Écrire Le mineur délinquant, Saman Naseem, semble...

Le mineur délinquant, Saman Naseem, semble avoir été victime de nouvelles pressions visant à le forcer à se soumettre à un entretien vidéo. Il aurait été menacé de s’exposer à des « conséquences » s’il n’obtempérait pas, y compris à une exécution.

Le 7 mars, le mineur délinquant, Saman Naseem, 22 ans maintenant, a été conduit au bureau du ministère du Renseignement à la prison centrale d’Ourmia, dans la province de l’Azerbaïdjan occidental, où deux hommes de la division Droits de l’Enfant du Haut conseil iranien pour les droits de l’homme lui ont demandé de se soumettre à un entretien vidéo.

L’un d’entre eux lui aurait dit que l’entretien serait confidentiel et destiné uniquement au Secrétaire général du Haut conseil pour les droits de l’homme, Mohammad Javad Larijani. L’homme l’aurait également menacé de s’exposer à des « conséquences », qui pouvaient aller jusqu’à l’exécution, s’il n’obtempérait pas. Amnesty International croit savoir que Saman Naseem a refusé, déclarant qu’il avait déjà été forcé à procéder à des « aveux » filmés et qu’il ne recommencerait jamais.

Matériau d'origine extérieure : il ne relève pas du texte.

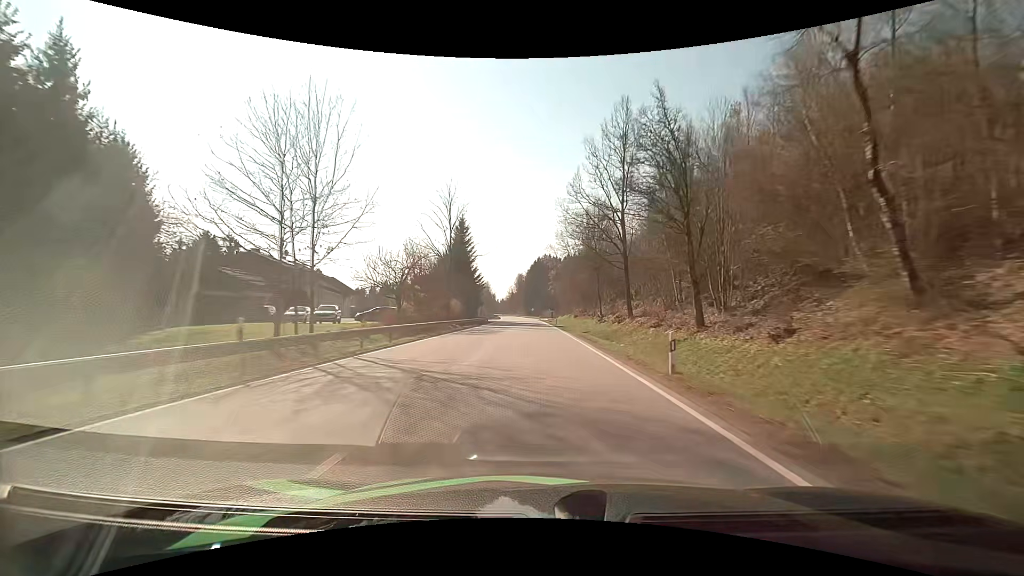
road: primary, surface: asphalt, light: Day
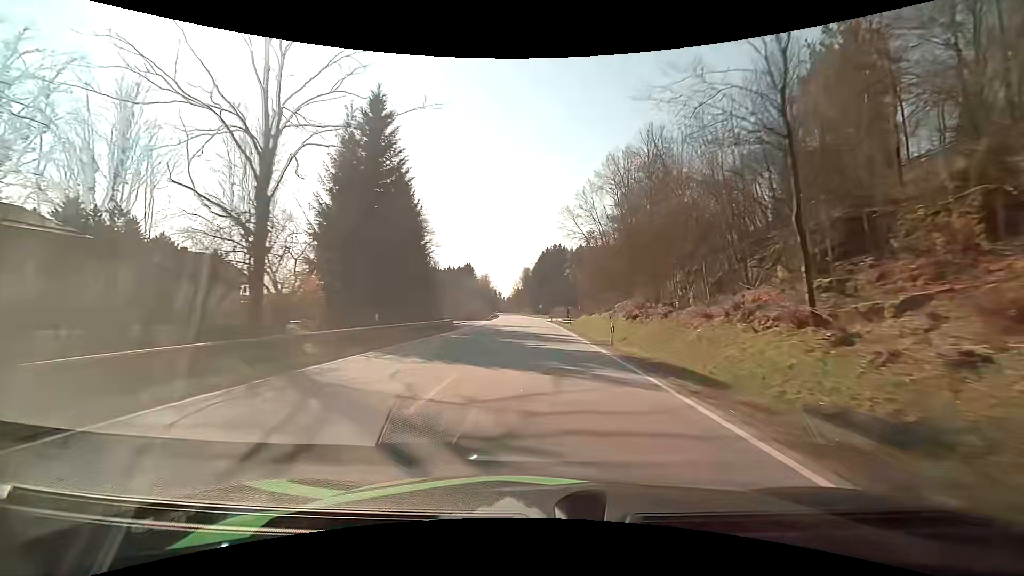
(-0.5, +42.8) m; -1°
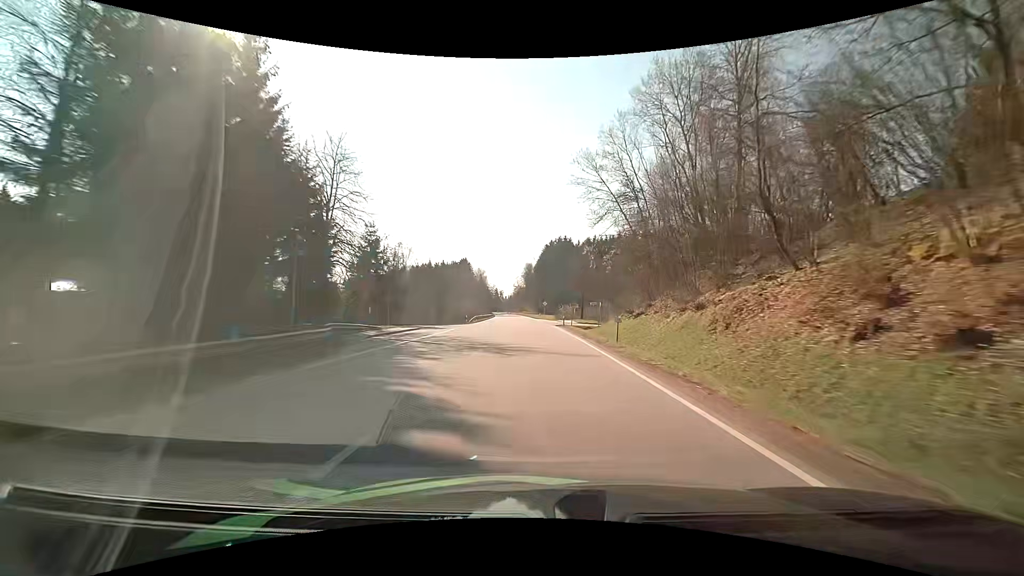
(-0.1, +28.6) m; 0°
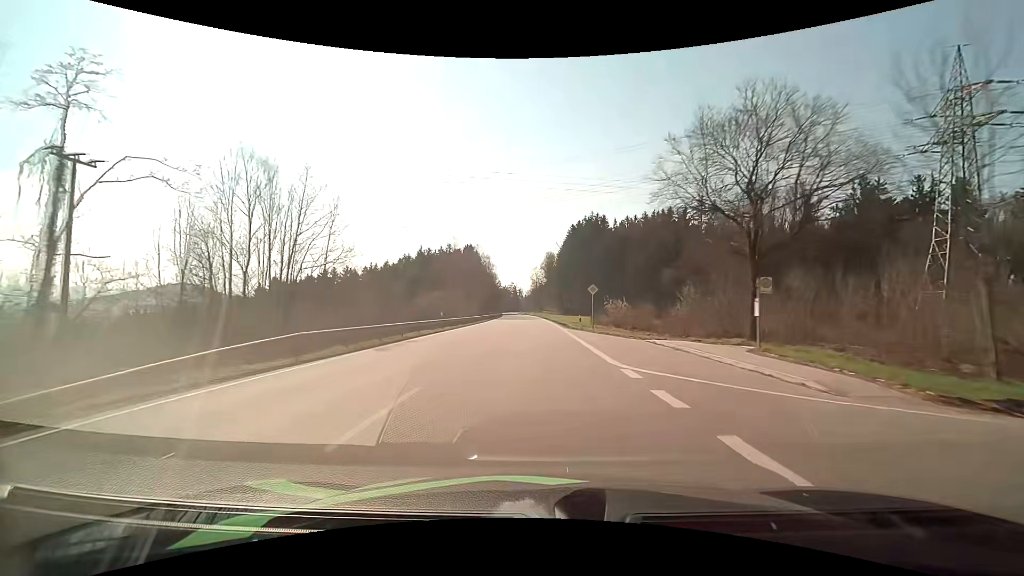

Saman Naseem a été conduit à l’Organisation iranienne de médecine légale à trois reprises depuis décembre 2015, soi-disant pour que le département médicolégal détermine s’il avait atteint le stade de la « maturité psychologique » au moment des faits qu’on lui reproche. Lors de cet examen, ordonné par le tribunal pénal de la province de l’Azerbaïdjan occidental, il lui a été demandé d’accomplir des tâches très simples, telles que compter et énumérer les jours de la semaine.

L’affaire concernant Saman Naseem a été présentée au tribunal pour qu’il soit rejugé après l’annulation de sa condamnation à mort par la Cour suprême iranienne en avril 2015. Il avait en effet été condamné à mort deux ans auparavant pour « inimitié à l’égard de Dieu » (moharabeh) et « diffusion de la corruption sur terre » (efsad e fel arz), en raison de son appartenance présumée au Parti pour une vie libre au Kurdistan (PJAK) et de son implication dans des activités armées à l’encontre des gardiens de la révolution.